* _Problem to work on_: Could you write out all the records once more, exactly?

* _Data to process_:
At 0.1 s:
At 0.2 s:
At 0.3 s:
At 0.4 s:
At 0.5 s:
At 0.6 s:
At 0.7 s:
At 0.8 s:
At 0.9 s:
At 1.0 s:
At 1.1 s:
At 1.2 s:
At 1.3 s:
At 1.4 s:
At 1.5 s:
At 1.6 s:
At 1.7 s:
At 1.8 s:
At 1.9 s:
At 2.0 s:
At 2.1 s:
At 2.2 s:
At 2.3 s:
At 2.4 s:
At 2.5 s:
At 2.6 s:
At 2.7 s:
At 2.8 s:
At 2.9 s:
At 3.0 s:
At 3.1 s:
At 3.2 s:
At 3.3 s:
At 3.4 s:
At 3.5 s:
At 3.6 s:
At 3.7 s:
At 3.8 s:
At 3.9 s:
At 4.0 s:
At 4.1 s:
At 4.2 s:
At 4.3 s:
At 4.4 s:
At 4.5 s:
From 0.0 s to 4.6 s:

* _Written response_:
At 0.1 s:
At 0.2 s:
At 0.3 s:
At 0.4 s:
At 0.5 s:
At 0.6 s:
At 0.7 s:
At 0.8 s:
At 0.9 s:
At 1.0 s:
At 1.1 s:
At 1.2 s:
At 1.3 s:
At 1.4 s:
At 1.5 s:
At 1.6 s:
At 1.7 s:
At 1.8 s:
At 1.9 s:
At 2.0 s:
At 2.1 s:
At 2.2 s:
At 2.3 s:
At 2.4 s:
At 2.5 s:
At 2.6 s:
At 2.7 s:
At 2.8 s:
At 2.9 s:
At 3.0 s:
At 3.1 s:
At 3.2 s:
At 3.3 s:
At 3.4 s:
At 3.5 s:
At 3.6 s:
At 3.7 s:
At 3.8 s:
At 3.9 s:
At 4.0 s:
At 4.1 s:
At 4.2 s:
At 4.3 s:
At 4.4 s:
At 4.5 s:
From 0.0 s to 4.6 s:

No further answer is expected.